The Animal Legal Defense Fund, a national nonprofit that seeks to expose wrongdoing at animal facilities, worked with the Center for Food Safety and other groups to challenge constitutionality of Kansas’ so-called “ag-gag” law in 2018. The coalition attracted support from Kansas and national journalism organizations in a fight that centered on provisions of law that targeted speech, not merely conduct, because the state’s objective was to regulate what could be permissibly said in attempts to gain access to confined animal facilities.
In effect, the federal courts declared in Animal Legal Defense Fund vs. Kelly that Kansas couldn’t legislate speech to silence views critical of animal agriculture.
It meant videos, articles, advocacy and public dialogue inspired by whistleblowing and undercover investigations into treatment of animals and the way food was produced was at the core of the First Amendment.
“Kansas has hindered the ability of whistleblowers to expose inhumane conditions associated with factory farms for more than three decades while infringing on First Amendment rights,” said Stephen Wells, executive director of the Animal Legal Defense Fund. “The Tenth Circuit’s decision is a victory for animals throughout the state who are forced into industrial animal agriculture and suffer in secret behind closed doors.”

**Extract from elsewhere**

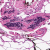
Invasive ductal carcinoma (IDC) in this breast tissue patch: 0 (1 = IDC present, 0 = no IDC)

George Kimbrell, legal director for the Center for Food Safety, said the Kansas law — the oldest such law in the United States — enabled inhumane treatment of farm animals and denied people information about how food was produced.
The Animal Legal Defense Fund and Center for Food Safety were supported in the appeal by the Kansas Press Association, Kansas Sunshine Coalition for Open Government, ACLU Foundation of Kansas, Reporters Committee for Freedom of the Press, National Press Photographers Association, Politico LLC and Society of Professional Journalists.